On a aussi laissé entendre que M. Amar a retiré sa plainte pour me pardonner. Ce qui a entraîné le classement pur et simple de l’affaire. C’est encore faux. Je suis sûr qu’en retirant sa plainte, M. Amar avait bien d’autres préoccupations que ma liberté ou ma sécurité. En tous les cas, on me notifia le retrait de la plainte, tout en me précisant que le délit de diffamation tombait en même temps, mais que celui de « diffusion de fausses nouvelles courait encore ». Cependant, comme c’était ma parole contre celle du jeune stagiaire, on ne pouvait quand même pas m’envoyer devant un tribunal correctionnel, sur la base de cette seule « preuve ». C’est pour cette raison que l’affaire a été purement et simplement classée.
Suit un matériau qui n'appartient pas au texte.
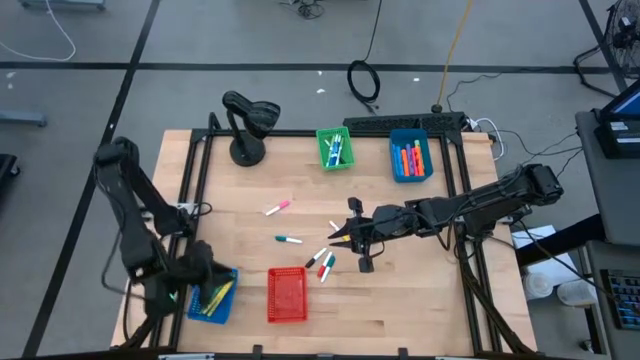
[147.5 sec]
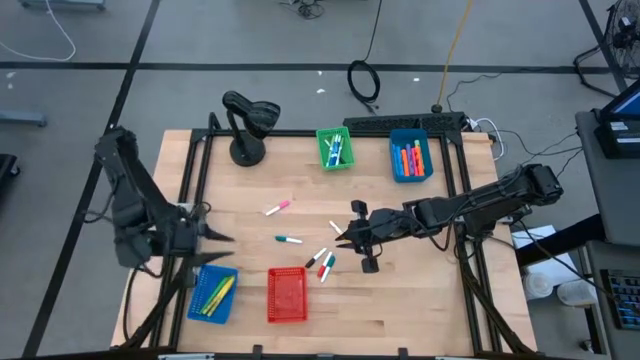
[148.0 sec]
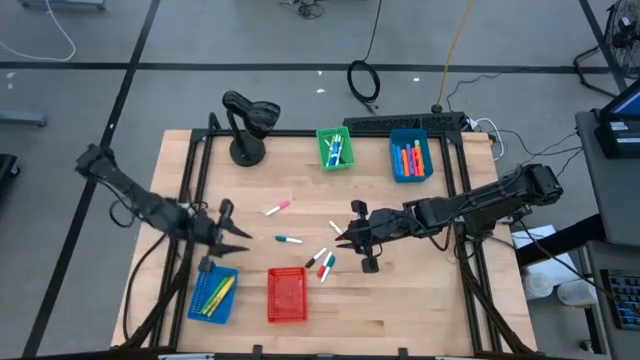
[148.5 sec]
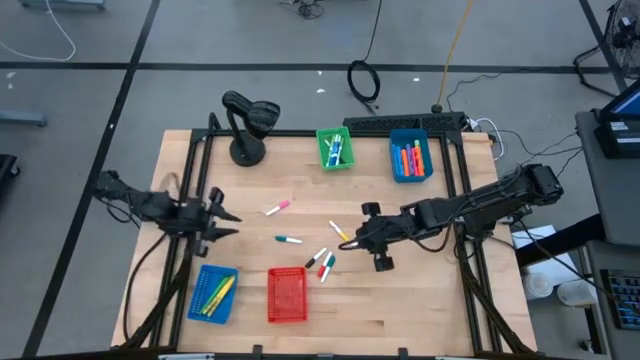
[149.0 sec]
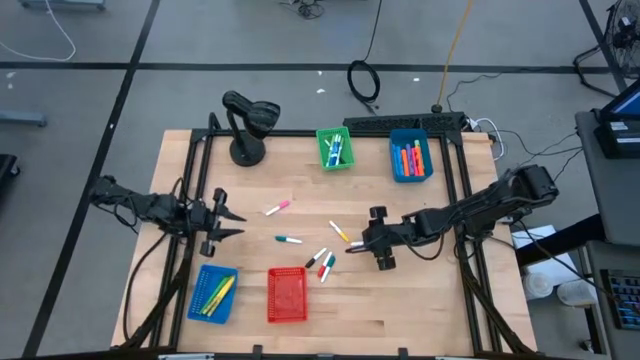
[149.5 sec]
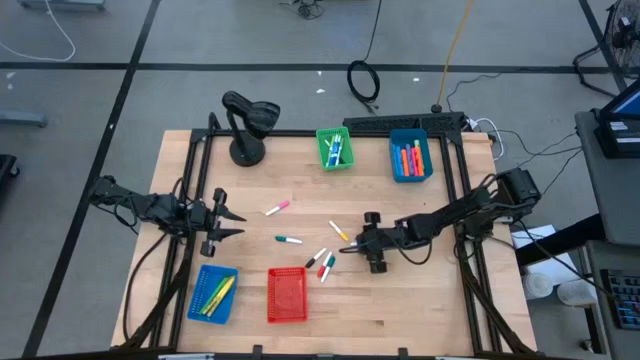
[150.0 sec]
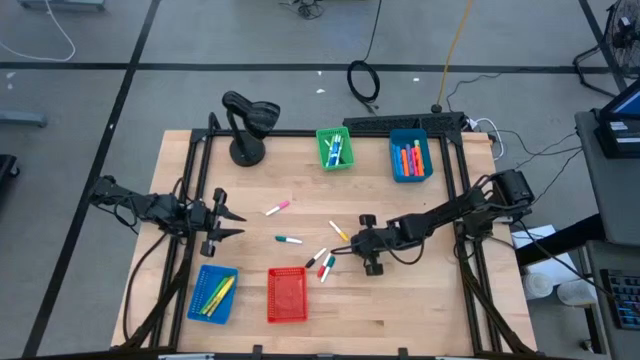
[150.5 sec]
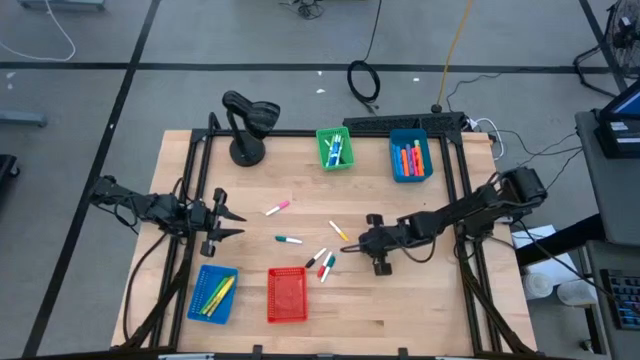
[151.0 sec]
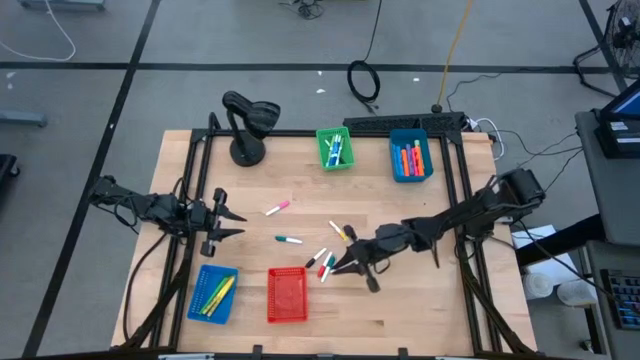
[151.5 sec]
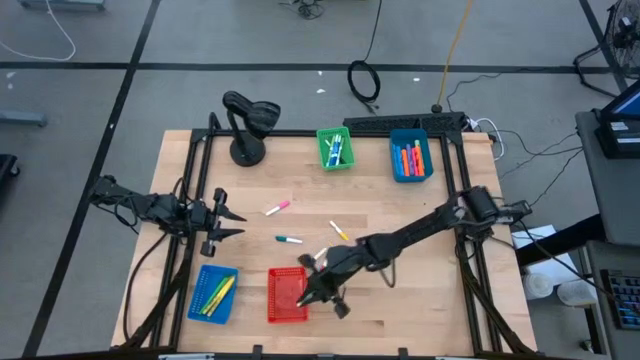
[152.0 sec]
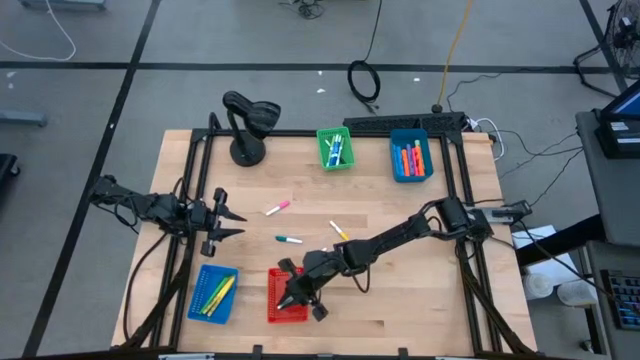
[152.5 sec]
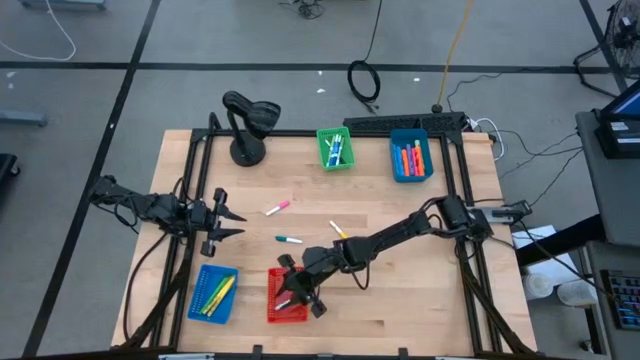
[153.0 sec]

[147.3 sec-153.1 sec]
Put the right black mini marker into the red bin

Même si M. Amar avait maintenu sa plainte, il n’y aurait pas contre moi plus que la parole de ce garçon, qui a reconnu humblement avoir compris « affaire Ndiouga Kébé » plutôt que « Affaire du Watergate ». Il est vrai qu’il ne sait pas ce que « Watergate » signifie.
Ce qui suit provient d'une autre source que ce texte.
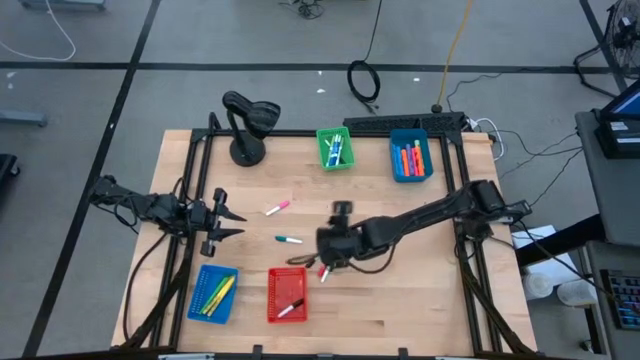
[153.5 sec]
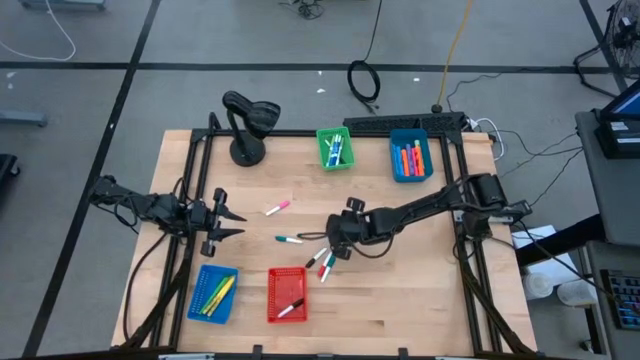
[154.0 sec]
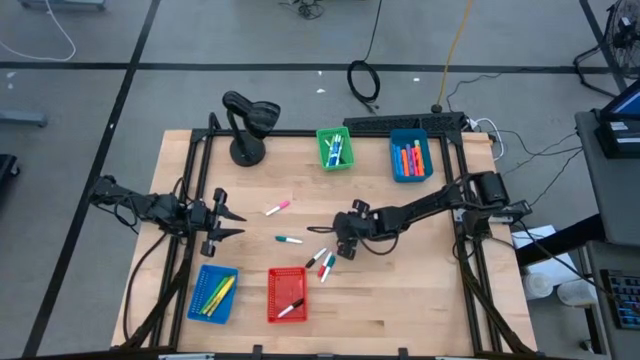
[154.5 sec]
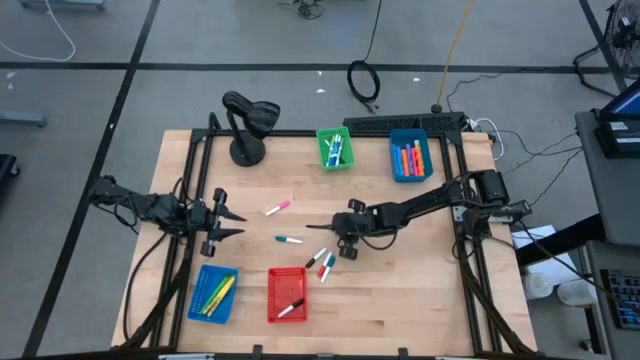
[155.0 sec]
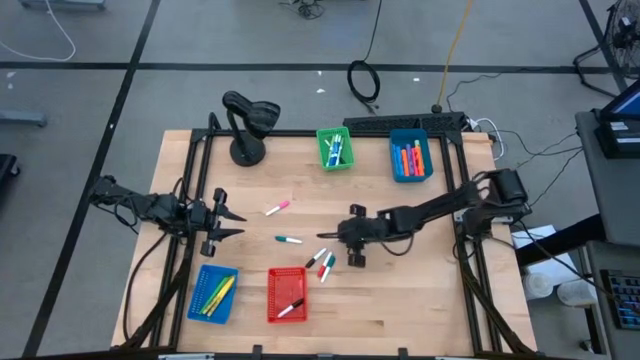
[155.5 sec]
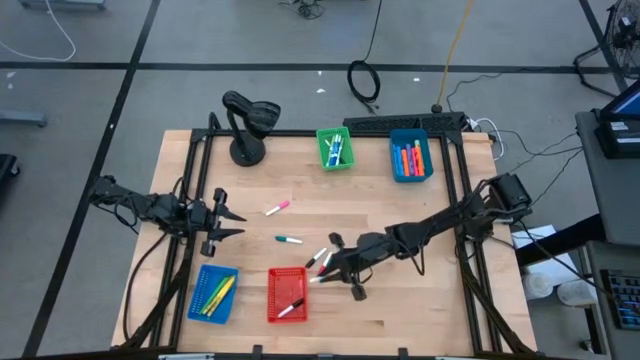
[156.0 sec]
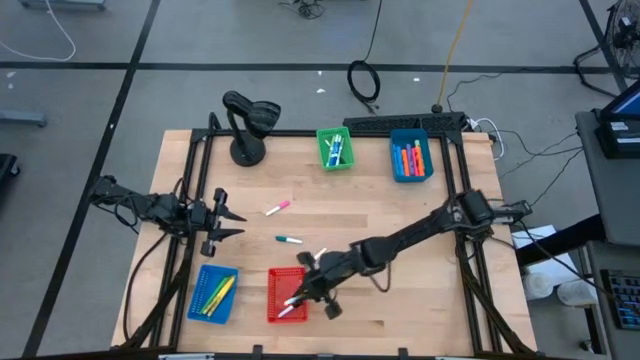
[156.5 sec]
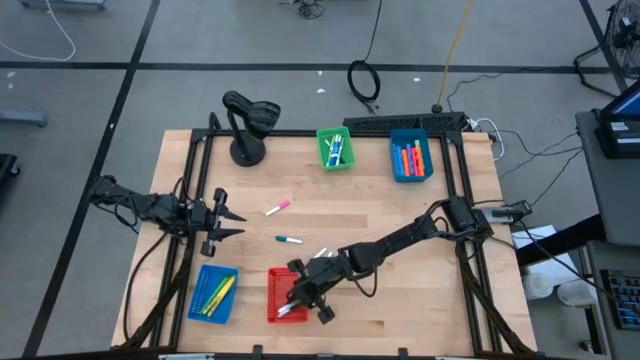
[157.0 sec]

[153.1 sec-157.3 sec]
Put the yellow mini marker into the red bin

Je répète donc que je ne me suis pas du tout rétracté ; je n’ai rien nié : j’ai répété ce que j’ai dit et écrit, avec des sources à l’appui. J’ai tenu aussi à reconnaître devant l’inspecteur de police qui m’interrogeait comme devant le Procureur de la République, que je ne suis qu’un homme, donc un être imparfait, susceptible, partant, de me tromper. Et  j’ajoutais que si, par extraordinaire, on me donnait la preuve formelle que j’ai bien fait la déclaration qui m’a été prêtée, en me faisant écouter un enregistrement authentique, où je reconnaissais sans équivoque ma voix, j’aurais l’humilité de faire mon mea culpa, et d’accepter que je m’étais trompé, que ce n’était point ce que je voulais dire.
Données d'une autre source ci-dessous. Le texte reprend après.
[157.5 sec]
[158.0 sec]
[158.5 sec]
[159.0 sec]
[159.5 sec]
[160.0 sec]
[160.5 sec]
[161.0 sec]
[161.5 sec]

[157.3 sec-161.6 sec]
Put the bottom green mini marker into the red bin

Je profite de cette opportunité pour rassurer tout le monde, d’abord mes parents, mes amis, mes sympathisants : je ne suis ni un va-t-en guerre ni un candidat au suicide. Je fais beaucoup attention à ce que je dis et à ce que j’écris. En particulier, je n’écris ni pour nuire, ni pour plaire à qui que ce soit, ni pour récolter des lauriers. Je me prends pour ce que je suis : un citoyen qui a un droit de regard appuyé sur la gouvernance de son pays.
Après les avoir rassurés, je les remercie du fond du cœur pour leur forte mobilisation. Des mails, des appels téléphoniques et des SMS me sont venus du Sénégal et des quatre coins du monde. Ne pouvant pas répondre à chacun d’eux, je les prie de trouver ici l’expression de ma profonde reconnaissance.
Je rends enfin grâce à Dieu, qui m’a soutenu et a fait échouer le sordide projet mis en œuvre par mes adversaires pour m’humilier. Il m’a rendu très fort, très confiant, très serein. Je n’ai flanché en aucun moment, ni devant l’inspecteur qui m’interrogeait, ni devant le Procureur de la République. Je n’en voyais d’ailleurs pas la raison, et je crois être sorti ragaillardi de cette sordide affaire, indigne d’une Démocratie, d’une République qui se respecte.